Check the records below line by line for the string "outdoors". Give the number of lines that contain it and nothing else.

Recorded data

*-*-*

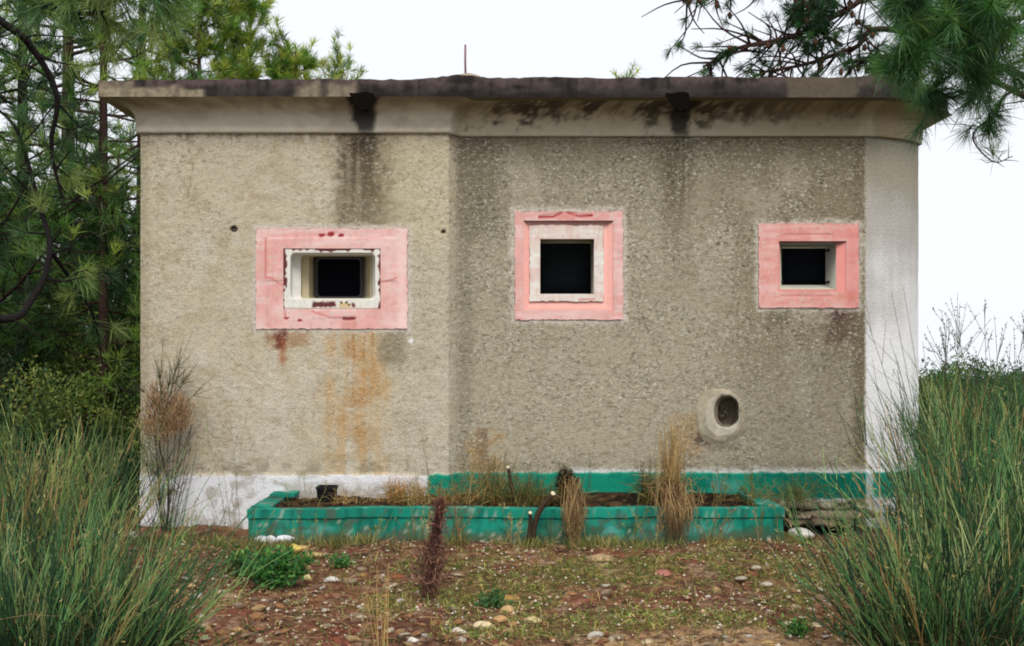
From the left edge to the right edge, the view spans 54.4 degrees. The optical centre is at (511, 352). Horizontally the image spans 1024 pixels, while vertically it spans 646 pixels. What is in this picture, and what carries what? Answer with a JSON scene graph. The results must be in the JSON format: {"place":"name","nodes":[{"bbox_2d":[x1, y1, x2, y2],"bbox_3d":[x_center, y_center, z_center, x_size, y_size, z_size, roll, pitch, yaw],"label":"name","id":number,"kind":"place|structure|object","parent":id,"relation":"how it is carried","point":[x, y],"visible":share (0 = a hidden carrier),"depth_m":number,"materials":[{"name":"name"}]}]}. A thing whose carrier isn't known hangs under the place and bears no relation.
{"place":"outdoors","nodes":[
{"label":"outdoors","id":0,"kind":"place"},
{"bbox_2d":[0,379,1022,645],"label":"ground","id":1,"kind":"structure","parent":0,"point":[548,609],"depth_m":5.34,"materials":[{"name":"red soil"}]},
{"bbox_2d":[0,0,121,291],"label":"pine tree","id":2,"kind":"object","parent":1,"relation":"on","point":[2,35],"visible":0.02,"depth_m":14.62,"materials":[{"name":"green plant"}]},
{"bbox_2d":[0,176,139,459],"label":"pine tree","id":3,"kind":"object","parent":1,"relation":"on","point":[95,305],"visible":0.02,"depth_m":11.54,"materials":[{"name":"green plant"}]},
{"bbox_2d":[0,1,140,366],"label":"pine tree","id":4,"kind":"object","parent":1,"relation":"on","point":[5,331],"visible":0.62,"depth_m":8.42,"materials":[{"name":"green plant"}]},
{"bbox_2d":[0,138,140,472],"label":"pine tree","id":5,"kind":"object","parent":1,"relation":"on","point":[122,235],"visible":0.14,"depth_m":10.70,"materials":[{"name":"green plant"}]},
{"bbox_2d":[0,358,140,499],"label":"shrub","id":6,"kind":"object","parent":1,"relation":"on","point":[68,406],"visible":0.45,"depth_m":8.07,"materials":[{"name":"green plant"}]},
{"bbox_2d":[0,353,140,500],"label":"shrub","id":7,"kind":"object","parent":1,"relation":"on","point":[15,413],"visible":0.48,"depth_m":8.07,"materials":[{"name":"green plant"}]},
{"bbox_2d":[0,306,140,479],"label":"shrub","id":8,"kind":"object","parent":1,"relation":"on","point":[73,358],"visible":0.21,"depth_m":9.70,"materials":[{"name":"green plant"}]},
{"bbox_2d":[0,295,140,473],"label":"shrub","id":9,"kind":"object","parent":1,"relation":"on","point":[74,362],"visible":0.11,"depth_m":9.90,"materials":[{"name":"green plant"}]},
{"bbox_2d":[8,309,139,454],"bbox_3d":[-4.734,0.274,11.491,2.688,2.172,3.496,0,0,22],"label":"shrub","id":10,"kind":"object","parent":1,"relation":"on","point":[83,348],"visible":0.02,"depth_m":10.09,"materials":[{"name":"green plant"}]},
{"bbox_2d":[0,0,160,474],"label":"pine tree","id":11,"kind":"object","parent":1,"relation":"on","point":[17,259],"visible":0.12,"depth_m":10.02,"materials":[{"name":"green plant"}]},
{"bbox_2d":[0,379,162,516],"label":"shrub","id":12,"kind":"object","parent":1,"relation":"on","point":[101,415],"visible":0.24,"depth_m":7.82,"materials":[{"name":"green plant"}]},
{"bbox_2d":[0,0,192,452],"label":"pine tree","id":13,"kind":"object","parent":1,"relation":"on","point":[73,54],"visible":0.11,"depth_m":12.74,"materials":[{"name":"green plant"}]},
{"bbox_2d":[0,0,213,363],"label":"pine tree","id":14,"kind":"object","parent":1,"relation":"on","point":[35,9],"visible":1,"depth_m":6.48,"materials":[{"name":"green plant"}]},
{"bbox_2d":[0,402,216,586],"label":"broom bush","id":15,"kind":"object","parent":1,"relation":"on","point":[79,445],"visible":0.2,"depth_m":5.64,"materials":[{"name":"green plant"}]},
{"bbox_2d":[0,386,218,623],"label":"broom bush","id":16,"kind":"object","parent":1,"relation":"on","point":[26,494],"visible":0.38,"depth_m":4.86,"materials":[{"name":"green plant"}]},
{"bbox_2d":[0,0,232,496],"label":"pine tree","id":17,"kind":"object","parent":1,"relation":"on","point":[104,241],"visible":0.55,"depth_m":8.71,"materials":[{"name":"green plant"}]},
{"bbox_2d":[9,0,228,360],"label":"pine tree","id":18,"kind":"object","parent":1,"relation":"on","point":[138,136],"visible":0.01,"depth_m":15.88,"materials":[{"name":"green plant"}]},
{"bbox_2d":[0,507,276,645],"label":"broom bush","id":19,"kind":"object","parent":1,"relation":"on","point":[171,643],"visible":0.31,"depth_m":3.78,"materials":[{"name":"green plant"}]},
{"bbox_2d":[88,603,207,645],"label":"leafy weed","id":20,"kind":"object","parent":1,"relation":"on","point":[195,638],"visible":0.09,"depth_m":4.15,"materials":[{"name":"green plant"}]},
{"bbox_2d":[0,430,317,645],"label":"broom bush","id":21,"kind":"object","parent":1,"relation":"on","point":[13,634],"visible":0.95,"depth_m":3.57,"materials":[{"name":"green plant"}]},
{"bbox_2d":[119,431,210,536],"bbox_3d":[-2.408,0.895,6.780,0.638,0.770,0.516,0,0,0],"label":"weed","id":22,"kind":"object","parent":1,"relation":"on","point":[158,484],"visible":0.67,"depth_m":6.84,"materials":[{"name":"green plant"}]},
{"bbox_2d":[128,337,210,532],"bbox_3d":[-2.450,0.566,7.112,0.598,1.445,0.438,0,0,0],"label":"dry shrub","id":23,"kind":"object","parent":1,"relation":"on","point":[177,410],"visible":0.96,"depth_m":7.08,"materials":[{"name":"brown plant"}]},
{"bbox_2d":[168,494,208,546],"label":"weed","id":24,"kind":"object","parent":1,"relation":"on","point":[191,531],"visible":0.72,"depth_m":6.34,"materials":[{"name":"green plant"}]},
{"bbox_2d":[114,0,262,295],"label":"pine tree","id":25,"kind":"object","parent":1,"relation":"on","point":[224,65],"visible":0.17,"depth_m":14.16,"materials":[{"name":"green plant"}]},
{"bbox_2d":[196,503,239,540],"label":"weed","id":26,"kind":"object","parent":1,"relation":"on","point":[222,522],"visible":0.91,"depth_m":6.63,"materials":[{"name":"green plant"}]},
{"bbox_2d":[201,443,239,534],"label":"weed","id":27,"kind":"object","parent":1,"relation":"on","point":[224,497],"visible":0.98,"depth_m":6.90,"materials":[{"name":"brown plant"}]},
{"bbox_2d":[222,413,261,531],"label":"weed","id":28,"kind":"object","parent":1,"relation":"on","point":[238,466],"visible":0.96,"depth_m":7.07,"materials":[{"name":"brown plant"}]},
{"bbox_2d":[214,543,270,577],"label":"leafy weed","id":29,"kind":"object","parent":1,"relation":"on","point":[237,563],"visible":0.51,"depth_m":5.74,"materials":[{"name":"green plant"}]},
{"bbox_2d":[207,0,284,79],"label":"pine tree","id":30,"kind":"object","parent":1,"relation":"on","point":[259,10],"visible":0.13,"depth_m":14.76,"materials":[{"name":"green plant"}]},
{"bbox_2d":[231,543,320,591],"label":"leafy weed","id":31,"kind":"object","parent":1,"relation":"on","point":[282,570],"visible":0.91,"depth_m":5.42,"materials":[{"name":"green plant"}]},
{"bbox_2d":[258,11,331,79],"bbox_3d":[-3.386,-1.850,15.164,2.172,6.663,2.224,0,0,0],"label":"pine tree","id":32,"kind":"object","parent":1,"relation":"on","point":[293,61],"visible":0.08,"depth_m":15.15,"materials":[{"name":"green plant"}]},
{"bbox_2d":[313,25,369,79],"bbox_3d":[-2.656,-1.798,15.659,1.944,6.581,1.889,0,0,0],"label":"pine tree","id":33,"kind":"object","parent":1,"relation":"on","point":[339,65],"visible":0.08,"depth_m":15.75,"materials":[{"name":"green plant"}]},
{"bbox_2d":[326,551,357,568],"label":"leafy weed","id":34,"kind":"object","parent":1,"relation":"on","point":[338,562],"visible":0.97,"depth_m":5.84,"materials":[{"name":"green plant"}]},
{"bbox_2d":[359,564,382,635],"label":"grass stalks","id":35,"kind":"object","parent":1,"relation":"on","point":[365,588],"depth_m":4.53,"materials":[{"name":"plant"}]},
{"bbox_2d":[363,562,394,645],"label":"grass stalks","id":36,"kind":"object","parent":1,"relation":"on","point":[384,620],"depth_m":4.25,"materials":[{"name":"plant"}]},
{"bbox_2d":[358,524,412,568],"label":"weed","id":37,"kind":"object","parent":1,"relation":"on","point":[394,546],"visible":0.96,"depth_m":5.90,"materials":[{"name":"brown plant"}]},
{"bbox_2d":[402,436,417,540],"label":"weed","id":38,"kind":"object","parent":1,"relation":"on","point":[410,491],"visible":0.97,"depth_m":6.64,"materials":[{"name":"brown plant"}]},
{"bbox_2d":[395,506,427,543],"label":"weed","id":39,"kind":"object","parent":1,"relation":"on","point":[414,529],"visible":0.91,"depth_m":6.49,"materials":[{"name":"green plant"}]},
{"bbox_2d":[388,495,478,602],"bbox_3d":[-0.464,1.039,5.211,0.413,0.606,0.469,0,0,-31],"label":"dead weed","id":40,"kind":"object","parent":1,"relation":"on","point":[435,548],"visible":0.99,"depth_m":5.23,"materials":[{"name":"brown plant"}]},
{"bbox_2d":[431,503,477,538],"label":"weed","id":41,"kind":"object","parent":1,"relation":"on","point":[459,521],"visible":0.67,"depth_m":6.54,"materials":[{"name":"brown plant"}]},
{"bbox_2d":[443,498,471,548],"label":"weed","id":42,"kind":"object","parent":1,"relation":"on","point":[458,531],"visible":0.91,"depth_m":6.39,"materials":[{"name":"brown plant"}]},
{"bbox_2d":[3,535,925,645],"bbox_3d":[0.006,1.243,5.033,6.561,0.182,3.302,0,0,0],"label":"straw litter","id":43,"kind":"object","parent":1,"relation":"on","point":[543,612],"visible":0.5,"depth_m":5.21,"materials":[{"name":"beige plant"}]},
{"bbox_2d":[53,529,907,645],"bbox_3d":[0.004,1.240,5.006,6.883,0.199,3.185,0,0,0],"label":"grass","id":44,"kind":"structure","parent":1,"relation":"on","point":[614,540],"depth_m":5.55,"materials":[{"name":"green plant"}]},
{"bbox_2d":[473,584,512,608],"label":"leafy weed","id":45,"kind":"object","parent":1,"relation":"on","point":[492,599],"visible":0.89,"depth_m":5.09,"materials":[{"name":"green plant"}]},
{"bbox_2d":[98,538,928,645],"bbox_3d":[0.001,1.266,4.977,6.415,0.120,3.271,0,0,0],"label":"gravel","id":46,"kind":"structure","parent":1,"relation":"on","point":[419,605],"depth_m":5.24,"materials":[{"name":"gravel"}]},
{"bbox_2d":[500,502,526,545],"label":"weed","id":47,"kind":"object","parent":1,"relation":"on","point":[511,528],"visible":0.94,"depth_m":6.53,"materials":[{"name":"green plant"}]},
{"bbox_2d":[247,491,784,545],"bbox_3d":[0.026,1.218,7.037,3.587,0.410,0.825,0,0,0],"label":"planter","id":48,"kind":"object","parent":1,"relation":"on","point":[361,517],"visible":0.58,"depth_m":6.64,"materials":[{"name":"paint"}]},
{"bbox_2d":[316,485,337,501],"bbox_3d":[-1.328,1.011,7.150,0.144,0.105,0.144,0,0,0],"label":"plant pot","id":49,"kind":"object","parent":48,"relation":"on","point":[322,489],"visible":0.91,"depth_m":7.09,"materials":[{"name":"black plastic"}]},
{"bbox_2d":[278,484,413,505],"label":"dry grass clump","id":50,"kind":"object","parent":48,"relation":"on","point":[343,498],"visible":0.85,"depth_m":7.03,"materials":[{"name":"plant"}]},
{"bbox_2d":[365,468,428,504],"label":"dry grass clump","id":51,"kind":"object","parent":48,"relation":"on","point":[390,492],"visible":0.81,"depth_m":7.07,"materials":[{"name":"plant"}]},
{"bbox_2d":[389,474,455,505],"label":"dry grass clump","id":52,"kind":"object","parent":48,"relation":"on","point":[421,492],"visible":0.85,"depth_m":6.98,"materials":[{"name":"plant"}]},
{"bbox_2d":[393,476,509,505],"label":"dry grass clump","id":53,"kind":"object","parent":48,"relation":"on","point":[442,492],"visible":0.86,"depth_m":6.98,"materials":[{"name":"plant"}]},
{"bbox_2d":[422,447,555,503],"bbox_3d":[-0.121,0.885,7.114,1.102,0.456,0.483,0,0,0],"label":"dry grass clump","id":54,"kind":"object","parent":48,"relation":"on","point":[494,480],"visible":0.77,"depth_m":7.08,"materials":[{"name":"plant"}]},
{"bbox_2d":[506,466,514,503],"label":"cut stem","id":55,"kind":"object","parent":48,"relation":"in","point":[509,478],"visible":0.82,"depth_m":6.90,"materials":[{"name":"brown wood"}]},
{"bbox_2d":[462,465,586,506],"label":"dry grass clump","id":56,"kind":"object","parent":48,"relation":"on","point":[526,497],"visible":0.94,"depth_m":6.93,"materials":[{"name":"plant"}]},
{"bbox_2d":[554,464,576,502],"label":"dead plant","id":57,"kind":"object","parent":48,"relation":"in","point":[565,471],"visible":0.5,"depth_m":7.01,"materials":[{"name":"brown plant"}]},
{"bbox_2d":[543,476,594,543],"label":"dry grass clump","id":58,"kind":"object","parent":48,"relation":"on","point":[572,497],"visible":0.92,"depth_m":6.62,"materials":[{"name":"plant"}]},
{"bbox_2d":[641,448,663,505],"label":"weed","id":59,"kind":"object","parent":48,"relation":"on","point":[648,474],"visible":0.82,"depth_m":6.85,"materials":[{"name":"brown plant"}]},
{"bbox_2d":[621,457,688,505],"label":"dry grass clump","id":60,"kind":"object","parent":48,"relation":"on","point":[643,486],"visible":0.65,"depth_m":6.97,"materials":[{"name":"plant"}]},
{"bbox_2d":[627,422,712,544],"bbox_3d":[1.053,0.870,6.804,0.539,0.823,0.588,0,0,24],"label":"dry grass clump","id":61,"kind":"object","parent":48,"relation":"on","point":[673,488],"visible":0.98,"depth_m":6.72,"materials":[{"name":"plant"}]},
{"bbox_2d":[743,467,761,505],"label":"weed","id":62,"kind":"object","parent":48,"relation":"on","point":[750,480],"visible":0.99,"depth_m":6.91,"materials":[{"name":"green plant"}]},
{"bbox_2d":[716,470,797,504],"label":"dry grass clump","id":63,"kind":"object","parent":48,"relation":"on","point":[743,490],"visible":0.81,"depth_m":7.04,"materials":[{"name":"plant"}]},
{"bbox_2d":[740,464,855,515],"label":"dry grass clump","id":64,"kind":"object","parent":48,"relation":"on","point":[800,497],"visible":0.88,"depth_m":7.13,"materials":[{"name":"plant"}]},
{"bbox_2d":[98,44,949,528],"bbox_3d":[0.211,-0.336,9.881,6.349,3.811,5.641,0,0,0],"label":"bunker","id":65,"kind":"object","parent":1,"relation":"on","point":[350,284],"visible":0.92,"depth_m":7.44,"materials":[{"name":"paint"}]},
{"bbox_2d":[255,228,407,328],"bbox_3d":[-1.327,-0.544,7.489,1.124,0.747,0.335,0,0,0],"label":"window","id":66,"kind":"structure","parent":65,"relation":"in","point":[316,278],"depth_m":7.33,"materials":[{"name":"paint"}]},
{"bbox_2d":[514,211,623,319],"bbox_3d":[0.425,-0.650,7.613,0.818,0.818,0.344,0,0,0],"label":"window","id":67,"kind":"structure","parent":65,"relation":"in","point":[569,265],"depth_m":7.46,"materials":[{"name":"paint"}]},
{"bbox_2d":[758,223,859,307],"bbox_3d":[2.220,-0.650,7.577,0.758,0.638,0.271,0,0,0],"label":"window","id":68,"kind":"structure","parent":65,"relation":"in","point":[804,265],"depth_m":7.44,"materials":[{"name":"paint"}]},
{"bbox_2d":[526,511,531,544],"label":"cut stem","id":69,"kind":"object","parent":1,"relation":"on","point":[529,524],"visible":0.92,"depth_m":6.50,"materials":[{"name":"brown wood"}]},
{"bbox_2d":[497,525,563,573],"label":"weed","id":70,"kind":"object","parent":1,"relation":"on","point":[525,549],"visible":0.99,"depth_m":5.76,"materials":[{"name":"green plant"}]},
{"bbox_2d":[530,491,554,542],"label":"cut stem","id":71,"kind":"object","parent":1,"relation":"on","point":[545,502],"visible":0.96,"depth_m":6.50,"materials":[{"name":"brown wood"}]},
{"bbox_2d":[540,561,580,579],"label":"weed","id":72,"kind":"object","parent":1,"relation":"on","point":[555,575],"visible":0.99,"depth_m":5.63,"materials":[{"name":"green plant"}]},
{"bbox_2d":[558,502,586,555],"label":"weed","id":73,"kind":"object","parent":1,"relation":"on","point":[574,534],"visible":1,"depth_m":6.28,"materials":[{"name":"brown plant"}]},
{"bbox_2d":[586,554,615,561],"bbox_3d":[0.540,1.268,6.111,0.176,0.043,0.174,0,0,-20],"label":"stone","id":74,"kind":"object","parent":1,"relation":"on","point":[601,557],"visible":0.71,"depth_m":6.08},
{"bbox_2d":[609,61,642,77],"bbox_3d":[1.848,-1.684,16.408,1.473,6.328,1.362,0,0,-11],"label":"pine tree","id":75,"kind":"object","parent":1,"relation":"on","point":[630,72],"visible":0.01,"depth_m":16.33,"materials":[{"name":"green plant"}]},
{"bbox_2d":[604,498,653,546],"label":"weed","id":76,"kind":"object","parent":1,"relation":"on","point":[635,529],"visible":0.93,"depth_m":6.50,"materials":[{"name":"green plant"}]},
{"bbox_2d":[693,516,734,545],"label":"weed","id":77,"kind":"object","parent":1,"relation":"on","point":[710,531],"visible":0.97,"depth_m":6.45,"materials":[{"name":"green plant"}]},
{"bbox_2d":[712,483,738,546],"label":"weed","id":78,"kind":"object","parent":1,"relation":"on","point":[714,519],"visible":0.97,"depth_m":6.41,"materials":[{"name":"green plant"}]},
{"bbox_2d":[748,492,770,550],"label":"weed","id":79,"kind":"object","parent":1,"relation":"on","point":[755,514],"visible":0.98,"depth_m":6.23,"materials":[{"name":"green plant"}]},
{"bbox_2d":[776,610,814,638],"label":"leafy weed","id":80,"kind":"object","parent":1,"relation":"on","point":[801,627],"visible":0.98,"depth_m":4.50,"materials":[{"name":"green plant"}]},
{"bbox_2d":[787,527,814,539],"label":"stone","id":81,"kind":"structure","parent":1,"relation":"on","point":[804,531],"depth_m":6.72,"materials":[{"name":"stone"}]},
{"bbox_2d":[783,516,858,527],"bbox_3d":[2.203,1.208,7.149,0.481,0.041,0.417,0,0,0],"label":"broken slab","id":82,"kind":"object","parent":1,"relation":"on","point":[802,521],"depth_m":7.06,"materials":[{"name":"stone"}]},
{"bbox_2d":[783,507,876,519],"bbox_3d":[2.317,1.175,7.279,0.662,0.050,0.356,0,0,0],"label":"broken slab","id":83,"kind":"object","parent":82,"relation":"on","point":[810,513],"depth_m":7.19,"materials":[{"name":"stone"}]},
{"bbox_2d":[785,500,867,508],"bbox_3d":[2.329,1.126,7.376,0.603,0.055,0.203,0,0,0],"label":"broken slab","id":84,"kind":"object","parent":83,"relation":"on","point":[821,505],"depth_m":7.33,"materials":[{"name":"stone"}]},
{"bbox_2d":[642,0,1023,108],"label":"pine tree","id":85,"kind":"object","parent":1,"relation":"on","point":[812,19],"visible":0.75,"depth_m":13.29,"materials":[{"name":"green plant"}]},
{"bbox_2d":[826,596,896,645],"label":"leafy weed","id":86,"kind":"object","parent":1,"relation":"on","point":[845,636],"visible":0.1,"depth_m":4.17,"materials":[{"name":"green plant"}]},
{"bbox_2d":[854,406,908,537],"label":"bare twig","id":87,"kind":"object","parent":1,"relation":"on","point":[889,464],"visible":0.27,"depth_m":6.77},
{"bbox_2d":[745,449,1023,645],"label":"broom bush","id":88,"kind":"object","parent":1,"relation":"on","point":[941,622],"visible":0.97,"depth_m":3.65,"materials":[{"name":"green plant"}]},
{"bbox_2d":[855,358,914,536],"bbox_3d":[2.541,0.660,6.644,0.476,1.242,0.216,0,0,27],"label":"bare twig","id":89,"kind":"object","parent":1,"relation":"on","point":[887,423],"visible":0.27,"depth_m":6.69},
{"bbox_2d":[854,287,941,480],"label":"grass","id":90,"kind":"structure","parent":1,"relation":"on","point":[907,375],"depth_m":6.56,"materials":[{"name":"plant"}]},
{"bbox_2d":[775,388,1023,645],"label":"broom bush","id":91,"kind":"object","parent":1,"relation":"on","point":[962,495],"visible":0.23,"depth_m":4.14,"materials":[{"name":"green plant"}]},
{"bbox_2d":[807,368,1023,571],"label":"broom bush","id":92,"kind":"object","parent":1,"relation":"on","point":[978,446],"visible":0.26,"depth_m":5.32,"materials":[{"name":"green plant"}]},
{"bbox_2d":[829,365,1023,550],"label":"broom bush","id":93,"kind":"object","parent":1,"relation":"on","point":[932,449],"visible":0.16,"depth_m":6.21,"materials":[{"name":"green plant"}]},
{"bbox_2d":[854,0,1023,169],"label":"pine tree","id":94,"kind":"object","parent":1,"relation":"on","point":[971,35],"visible":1,"depth_m":5.08,"materials":[{"name":"green plant"}]},
{"bbox_2d":[856,345,1023,526],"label":"broom bush","id":95,"kind":"object","parent":1,"relation":"on","point":[978,406],"visible":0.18,"depth_m":6.49,"materials":[{"name":"green plant"}]},
{"bbox_2d":[918,319,969,503],"bbox_3d":[3.618,0.509,8.530,0.644,1.602,0.335,0,0,38],"label":"sapling","id":96,"kind":"object","parent":1,"relation":"on","point":[942,372],"visible":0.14,"depth_m":8.51,"materials":[{"name":"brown plant"}]},
{"bbox_2d":[919,353,1001,423],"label":"shrub","id":97,"kind":"object","parent":1,"relation":"on","point":[953,369],"visible":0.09,"depth_m":12.26,"materials":[{"name":"green plant"}]},
{"bbox_2d":[918,375,1021,495],"bbox_3d":[3.985,0.788,8.897,2.074,1.202,2.008,0,0,0],"label":"shrub","id":98,"kind":"object","parent":1,"relation":"on","point":[957,403],"visible":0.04,"depth_m":8.92,"materials":[{"name":"green plant"}]},
{"bbox_2d":[919,358,1021,412],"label":"shrub","id":99,"kind":"object","parent":1,"relation":"on","point":[984,363],"visible":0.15,"depth_m":11.82,"materials":[{"name":"green plant"}]},
{"bbox_2d":[918,292,1023,436],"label":"sapling","id":100,"kind":"object","parent":1,"relation":"on","point":[958,347],"visible":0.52,"depth_m":7.95,"materials":[{"name":"green plant"}]},
{"bbox_2d":[918,359,1023,436],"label":"shrub","id":101,"kind":"object","parent":1,"relation":"on","point":[939,372],"visible":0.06,"depth_m":9.47,"materials":[{"name":"green plant"}]},
{"bbox_2d":[918,386,1023,495],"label":"shrub","id":102,"kind":"object","parent":1,"relation":"on","point":[1006,388],"visible":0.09,"depth_m":7.55,"materials":[{"name":"green plant"}]},
{"bbox_2d":[920,360,1023,417],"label":"shrub","id":103,"kind":"object","parent":1,"relation":"on","point":[984,372],"visible":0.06,"depth_m":15.09,"materials":[{"name":"green plant"}]},
{"bbox_2d":[950,299,1023,450],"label":"sapling","id":104,"kind":"object","parent":1,"relation":"on","point":[975,381],"visible":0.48,"depth_m":7.76,"materials":[{"name":"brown plant"}]},
{"bbox_2d":[953,366,1023,443],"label":"shrub","id":105,"kind":"object","parent":1,"relation":"on","point":[1011,393],"visible":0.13,"depth_m":9.10,"materials":[{"name":"green plant"}]},
{"bbox_2d":[954,357,1023,401],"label":"shrub","id":106,"kind":"object","parent":1,"relation":"on","point":[977,375],"visible":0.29,"depth_m":10.99,"materials":[{"name":"green plant"}]},
{"bbox_2d":[989,310,1023,453],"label":"sapling","id":107,"kind":"object","parent":1,"relation":"on","point":[1012,369],"visible":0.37,"depth_m":7.72,"materials":[{"name":"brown plant"}]},
{"bbox_2d":[0,0,1023,377],"label":"sky","id":108,"kind":"structure","parent":0,"point":[971,214],"materials":[{"name":"white"}]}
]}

*-*-*

> [Written reply] 2